## Task item
Transcribe the data exactly. Pictures stay out.

[Items from a dataset]

# # # #

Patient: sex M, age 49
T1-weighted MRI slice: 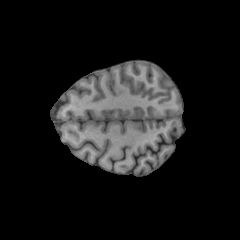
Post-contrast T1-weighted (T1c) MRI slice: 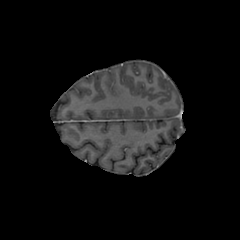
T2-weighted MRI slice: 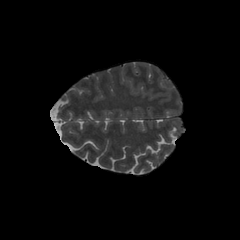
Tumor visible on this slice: no
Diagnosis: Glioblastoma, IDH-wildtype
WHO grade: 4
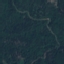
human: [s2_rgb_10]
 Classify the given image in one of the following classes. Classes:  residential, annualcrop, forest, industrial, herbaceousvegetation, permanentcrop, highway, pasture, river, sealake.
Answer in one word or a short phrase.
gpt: Forest
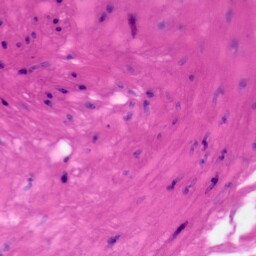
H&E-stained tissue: Skin
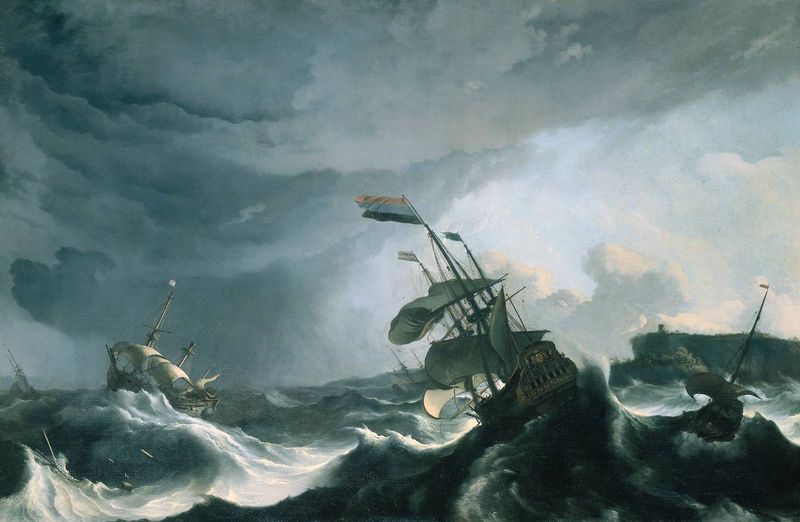
Titel: Schiffe in Seenot in einem schweren Sturm
Künstler: Ludolf Bakhuysen
Standort: Amsterdam
Institution: Rijksmuseum
Schlagwörter: blau, dunkel, felsen, gemälde, gewitter, himmel, meer, schatten, wasser, weiß, wolken, grün, landschaft, menschen, see, ufer, braun, frankreich, grau, hell, hintergrund, licht, orange, schwarz, wolke, malerei, stein, holland, niederlande, öl, horizont, kalt, nass, natur, wind, sonne, land, drei, rosa, boote, gischt, küste, schiff, schiffe, segel, segelboot, segelschiffe, welle, wellen, fahne, flagge, mast, segelschiff, fels, klippen, monochrom, masten, schaum, brandung, gicht, katastrophe, krieg, not, orkan, schiffbruch, seenot, seestück, sinken, sturm, tosend, tricolore, untergang, unwetter, wetter, wogen, einheit, segelboote, ozean, segeln, steilküste, regen, riff, festung, gefahr, bedrohlich, kunst, seegang, seefahrt, graugrün, blaugrau, regenwolken, gmälde, kanonen, wei?, wellenkamm, marine, verloren, peinture, graus, kentern, eau, wolkenlücke, heck, branden, gahne, peitschen, seegel, schifffahrt, nuages, huile, romantique, vagues, mer, tempete, vent, bateau, mariene, naufrage
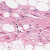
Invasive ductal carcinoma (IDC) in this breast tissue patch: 0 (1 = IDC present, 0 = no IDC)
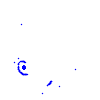
Particle: pion
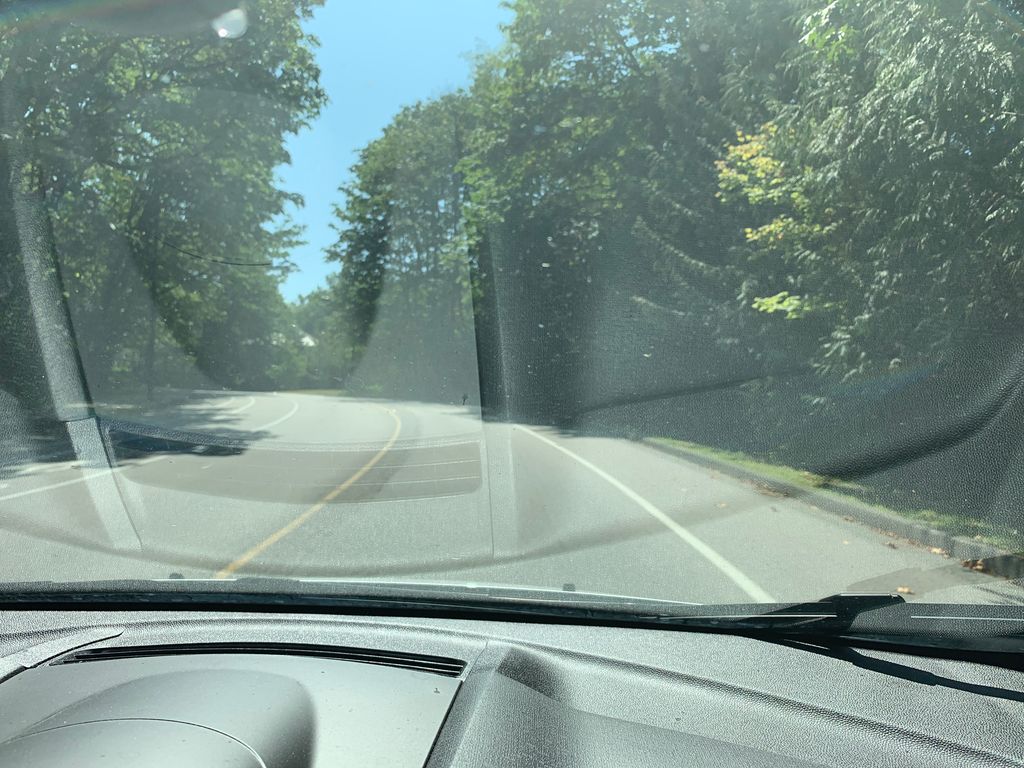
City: vancouver

# # # #

## Exercise response
Patient: sex M, age 49
T1-weighted MRI slice: 
Post-contrast T1-weighted (T1c) MRI slice: 
T2-weighted MRI slice: 
Tumor visible on this slice: no
Diagnosis: Glioblastoma, IDH-wildtype
WHO grade: 4
human: [s2_rgb_10]
 Classify the given image in one of the following classes. Classes:  residential, annualcrop, forest, industrial, herbaceousvegetation, permanentcrop, highway, pasture, river, sealake.
Answer in one word or a short phrase.
gpt: Forest
H&E-stained tissue: Skin
Titel: Schiffe in Seenot in einem schweren Sturm
Künstler: Ludolf Bakhuysen
Standort: Amsterdam
Institution: Rijksmuseum
Schlagwörter: blau, dunkel, felsen, gemälde, gewitter, himmel, meer, schatten, wasser, weiß, wolken, grün, landschaft, menschen, see, ufer, braun, frankreich, grau, hell, hintergrund, licht, orange, schwarz, wolke, malerei, stein, holland, niederlande, öl, horizont, kalt, nass, natur, wind, sonne, land, drei, rosa, boote, gischt, küste, schiff, schiffe, segel, segelboot, segelschiffe, welle, wellen, fahne, flagge, mast, segelschiff, fels, klippen, monochrom, masten, schaum, brandung, gicht, katastrophe, krieg, not, orkan, schiffbruch, seenot, seestück, sinken, sturm, tosend, tricolore, untergang, unwetter, wetter, wogen, einheit, segelboote, ozean, segeln, steilküste, regen, riff, festung, gefahr, bedrohlich, kunst, seegang, seefahrt, graugrün, blaugrau, regenwolken, gmälde, kanonen, wei?, wellenkamm, marine, verloren, peinture, graus, kentern, eau, wolkenlücke, heck, branden, gahne, peitschen, seegel, schifffahrt, nuages, huile, romantique, vagues, mer, tempete, vent, bateau, mariene, naufrage
Invasive ductal carcinoma (IDC) in this breast tissue patch: 0 (1 = IDC present, 0 = no IDC)
Particle: pion
City: vancouver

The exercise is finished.